* [Work task]: With the pictures left out, please write out exactly each line from the one containing "What plant is" through the end of the material.

Data shown Start Marker

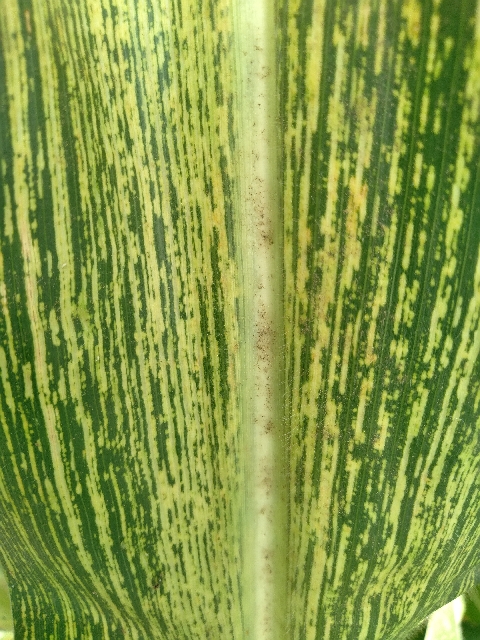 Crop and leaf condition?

maize, maize streak virus
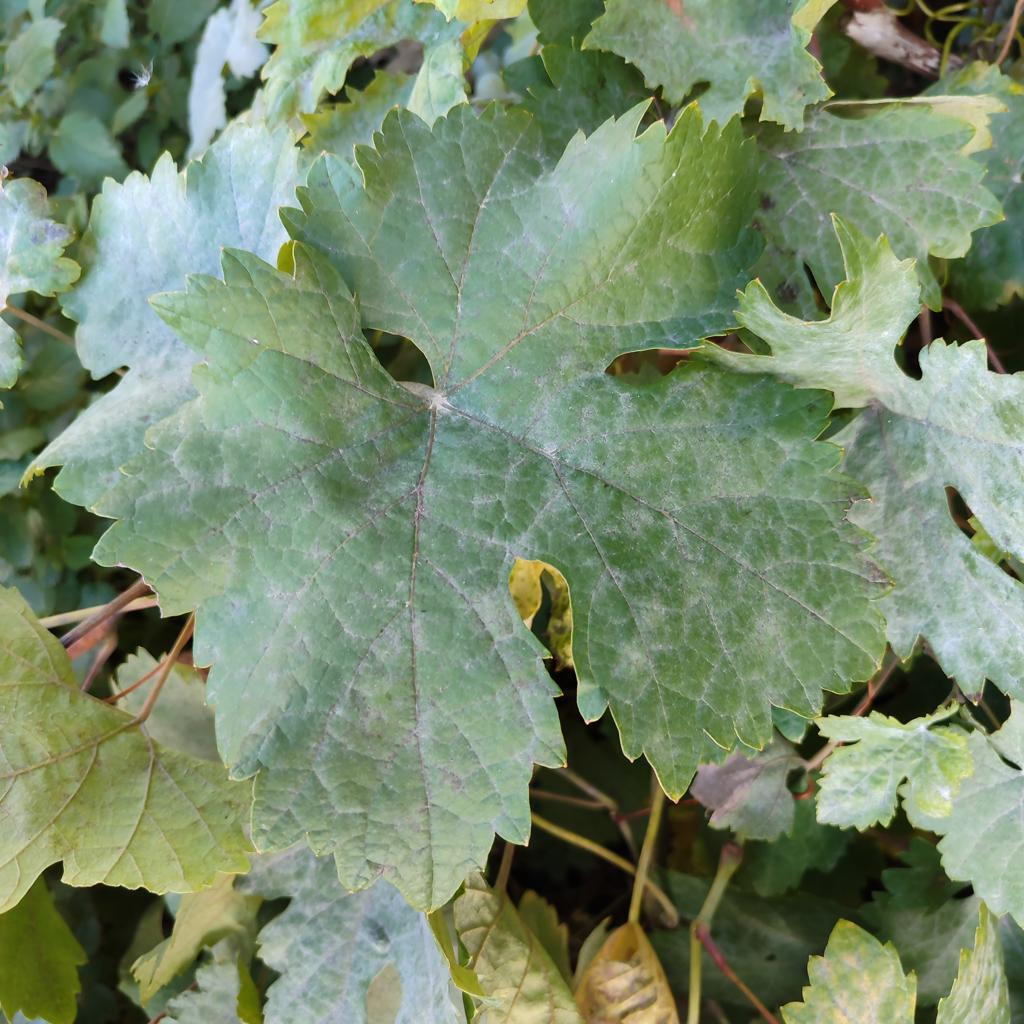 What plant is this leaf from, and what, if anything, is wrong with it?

grapevine, powdery mildew
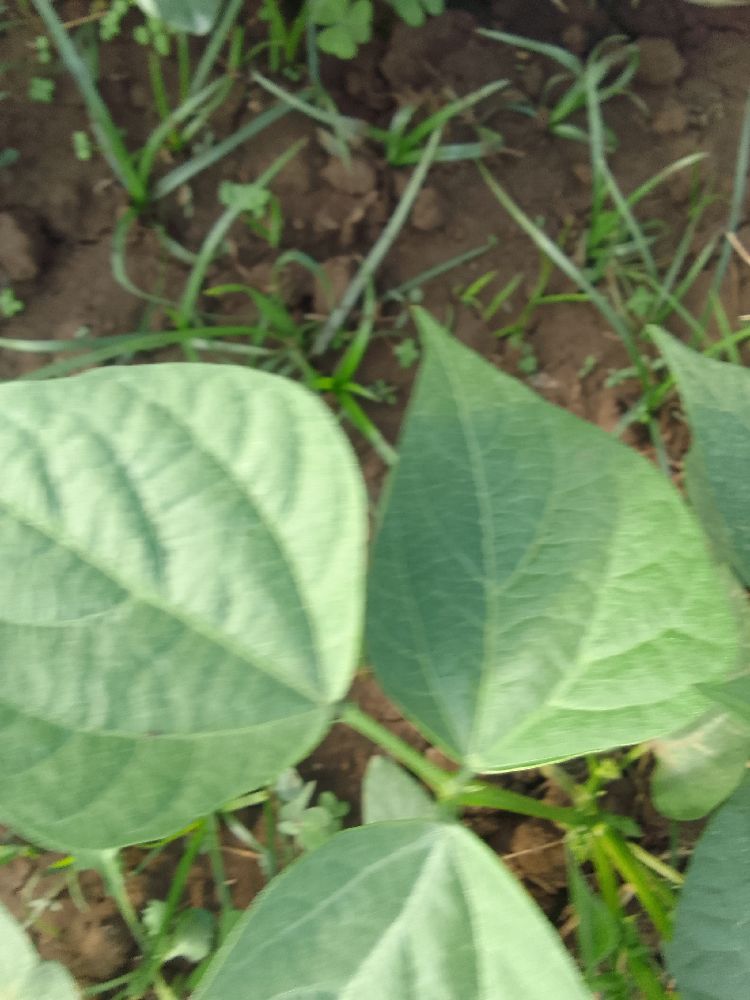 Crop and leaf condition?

common bean, healthy
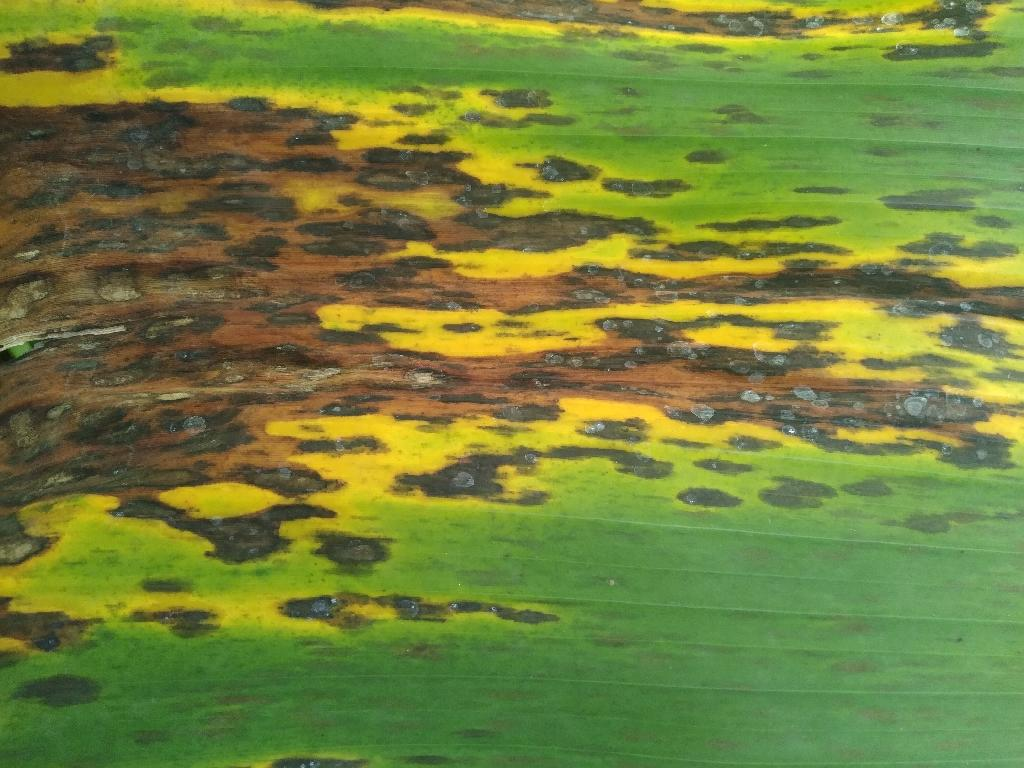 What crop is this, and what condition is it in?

banana, black sigatoka
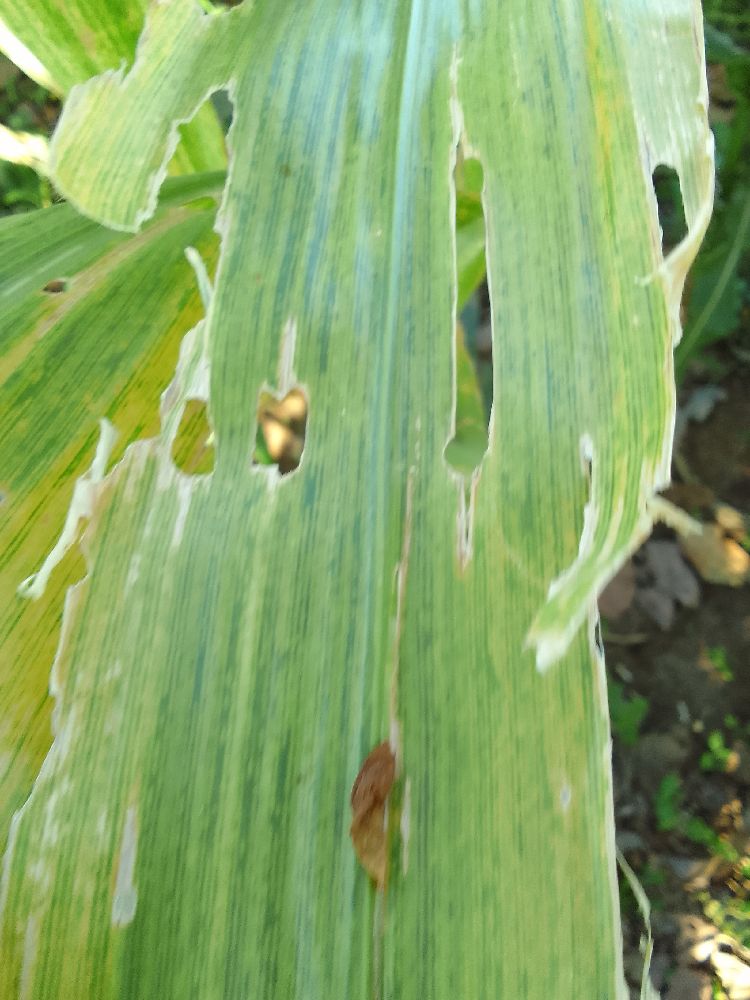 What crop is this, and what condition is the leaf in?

maize, maize lethal necrosis

Data shown End Marker

* [Task response]:
 What plant is this leaf from, and what, if anything, is wrong with it?

grapevine, powdery mildew
 Crop and leaf condition?

common bean, healthy
 What crop is this, and what condition is it in?

banana, black sigatoka
 What crop is this, and what condition is the leaf in?

maize, maize lethal necrosis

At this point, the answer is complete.